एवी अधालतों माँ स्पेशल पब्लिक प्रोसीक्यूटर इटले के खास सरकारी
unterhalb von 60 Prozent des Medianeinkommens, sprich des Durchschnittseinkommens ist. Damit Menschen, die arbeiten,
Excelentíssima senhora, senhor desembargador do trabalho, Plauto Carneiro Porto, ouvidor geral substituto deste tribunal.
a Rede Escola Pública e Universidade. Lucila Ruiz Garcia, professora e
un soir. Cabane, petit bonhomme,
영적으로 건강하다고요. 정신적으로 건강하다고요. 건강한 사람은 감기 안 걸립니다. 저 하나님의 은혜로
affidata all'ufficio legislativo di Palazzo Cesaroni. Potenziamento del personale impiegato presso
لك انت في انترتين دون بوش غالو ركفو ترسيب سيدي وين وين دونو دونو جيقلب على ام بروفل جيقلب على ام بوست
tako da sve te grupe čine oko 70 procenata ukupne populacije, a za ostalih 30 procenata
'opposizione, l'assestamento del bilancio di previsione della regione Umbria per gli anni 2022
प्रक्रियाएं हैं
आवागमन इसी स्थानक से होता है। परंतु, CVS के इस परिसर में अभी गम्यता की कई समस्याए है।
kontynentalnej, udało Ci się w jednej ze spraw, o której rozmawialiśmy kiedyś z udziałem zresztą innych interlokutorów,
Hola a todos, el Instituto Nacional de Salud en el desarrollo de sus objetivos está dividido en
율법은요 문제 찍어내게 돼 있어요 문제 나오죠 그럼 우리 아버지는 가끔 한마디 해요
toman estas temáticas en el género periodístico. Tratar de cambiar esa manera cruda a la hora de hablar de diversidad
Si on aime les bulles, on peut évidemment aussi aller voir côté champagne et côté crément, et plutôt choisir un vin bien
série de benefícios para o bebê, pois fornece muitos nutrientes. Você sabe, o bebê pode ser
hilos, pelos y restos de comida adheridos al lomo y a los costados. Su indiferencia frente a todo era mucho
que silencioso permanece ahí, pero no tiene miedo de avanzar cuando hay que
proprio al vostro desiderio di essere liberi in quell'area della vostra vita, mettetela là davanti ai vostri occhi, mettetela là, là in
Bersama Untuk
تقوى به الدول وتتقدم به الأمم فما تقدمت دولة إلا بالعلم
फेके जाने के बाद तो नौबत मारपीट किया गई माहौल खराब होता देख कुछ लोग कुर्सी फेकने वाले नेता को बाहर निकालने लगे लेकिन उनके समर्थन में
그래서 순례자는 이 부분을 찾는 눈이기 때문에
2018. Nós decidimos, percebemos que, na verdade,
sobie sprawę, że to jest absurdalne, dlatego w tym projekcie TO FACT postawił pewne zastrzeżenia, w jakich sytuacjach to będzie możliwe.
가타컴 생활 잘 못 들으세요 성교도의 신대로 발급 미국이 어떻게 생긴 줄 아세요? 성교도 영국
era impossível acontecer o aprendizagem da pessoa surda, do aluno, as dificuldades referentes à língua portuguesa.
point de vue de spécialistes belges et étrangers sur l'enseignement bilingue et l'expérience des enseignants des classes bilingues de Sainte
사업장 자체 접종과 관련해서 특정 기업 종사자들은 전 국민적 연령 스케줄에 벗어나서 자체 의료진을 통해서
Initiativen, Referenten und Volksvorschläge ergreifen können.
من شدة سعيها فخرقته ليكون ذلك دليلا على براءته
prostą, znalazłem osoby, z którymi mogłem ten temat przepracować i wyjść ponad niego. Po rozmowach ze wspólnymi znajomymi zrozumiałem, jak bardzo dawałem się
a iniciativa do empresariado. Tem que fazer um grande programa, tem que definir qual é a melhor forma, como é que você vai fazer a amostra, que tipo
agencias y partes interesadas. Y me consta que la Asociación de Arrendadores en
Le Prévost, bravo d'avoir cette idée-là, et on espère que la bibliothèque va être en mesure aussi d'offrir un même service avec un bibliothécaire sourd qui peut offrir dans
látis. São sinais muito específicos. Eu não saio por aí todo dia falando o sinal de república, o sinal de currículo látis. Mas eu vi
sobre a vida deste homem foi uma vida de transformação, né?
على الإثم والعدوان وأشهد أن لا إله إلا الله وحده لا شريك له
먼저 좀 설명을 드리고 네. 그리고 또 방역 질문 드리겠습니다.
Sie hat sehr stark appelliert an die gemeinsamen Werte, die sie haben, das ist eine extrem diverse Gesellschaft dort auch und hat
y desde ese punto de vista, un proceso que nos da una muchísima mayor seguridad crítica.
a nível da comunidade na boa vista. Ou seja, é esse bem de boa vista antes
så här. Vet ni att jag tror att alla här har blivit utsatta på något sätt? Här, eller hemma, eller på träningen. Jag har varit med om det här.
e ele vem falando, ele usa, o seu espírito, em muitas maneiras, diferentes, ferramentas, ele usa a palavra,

········

The problem: Only one stretch of the records above is wanted: the lines between the one holding "látis. São sinais" and the one holding "Sie hat sehr", inclusive, reproduced exactly.

Written answer:
látis. São sinais muito específicos. Eu não saio por aí todo dia falando o sinal de república, o sinal de currículo látis. Mas eu vi
sobre a vida deste homem foi uma vida de transformação, né?
على الإثم والعدوان وأشهد أن لا إله إلا الله وحده لا شريك له
먼저 좀 설명을 드리고 네. 그리고 또 방역 질문 드리겠습니다.
Sie hat sehr stark appelliert an die gemeinsamen Werte, die sie haben, das ist eine extrem diverse Gesellschaft dort auch und hat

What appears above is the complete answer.